Neurotypicals are, for the first time, experiencing the overwhelming fear of uncertainty that I experience every day. The unanswered questions. Not knowing who to believe. Going outside now requires a checklist, a plan of action, a script and a ritual, something I’ve done since I was old enough to walk.
Coronavirus ruined a great year for me. I had a great teacher, good friends in my class. But I’m fine. I just go, okay, we are doing this now. I usually like being at home anyway, unless Mum and Dad say it is a compulsory outing. What changed is that school is over Zoom. The teacher is not staying with us through much of the day. She usually checks in with the class in the morning and then we just do the work we’ve been assigned. I have a lot more free time now.
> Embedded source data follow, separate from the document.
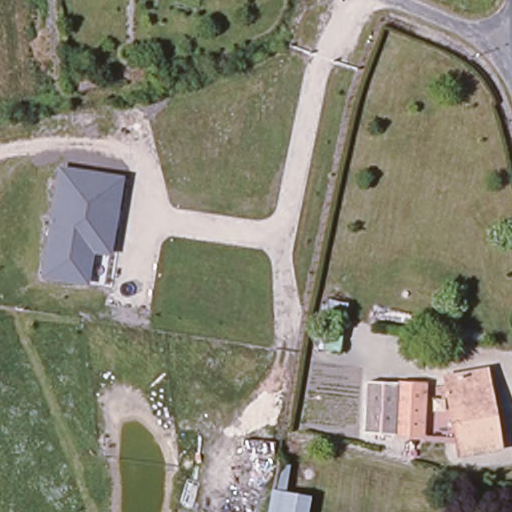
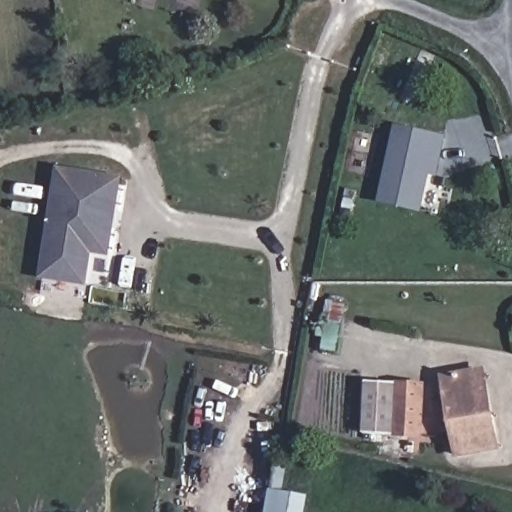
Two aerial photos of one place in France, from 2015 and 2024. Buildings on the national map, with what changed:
new [(439,175),(432,174),(423,212),(379,203),(396,126),(447,137),(439,175)]
unchanged [(113,257),(93,254),(89,288),(38,281),(56,167),(124,176),(113,257)]
unchanged [(321,359),(323,329),(341,332),(337,360),(321,359)]
unchanged [(452,462),(438,384),(467,379),(480,377),(489,423),(494,453),(452,462)]
unchanged [(366,436),(370,385),(429,389),(425,440),(366,436)]
unchanged [(268,512),(278,465),(291,468),(287,493),(310,497),(307,512),(268,512)]

In normal school, I learn mostly social stuff, and now at home I’m catching up on academics. Since I can’t go out unless it is to exercise, I end up exercising more. We even bike with our cats, which ride in carriers strapped to our backs. I’m not worried much about the virus itself. I trust Mum and Dad to give me updates when the situation changes, like if there is a cure or if things are getting worse. All in all, I think it could be a really good bonding experience for the world to work together. Together, we can get through this.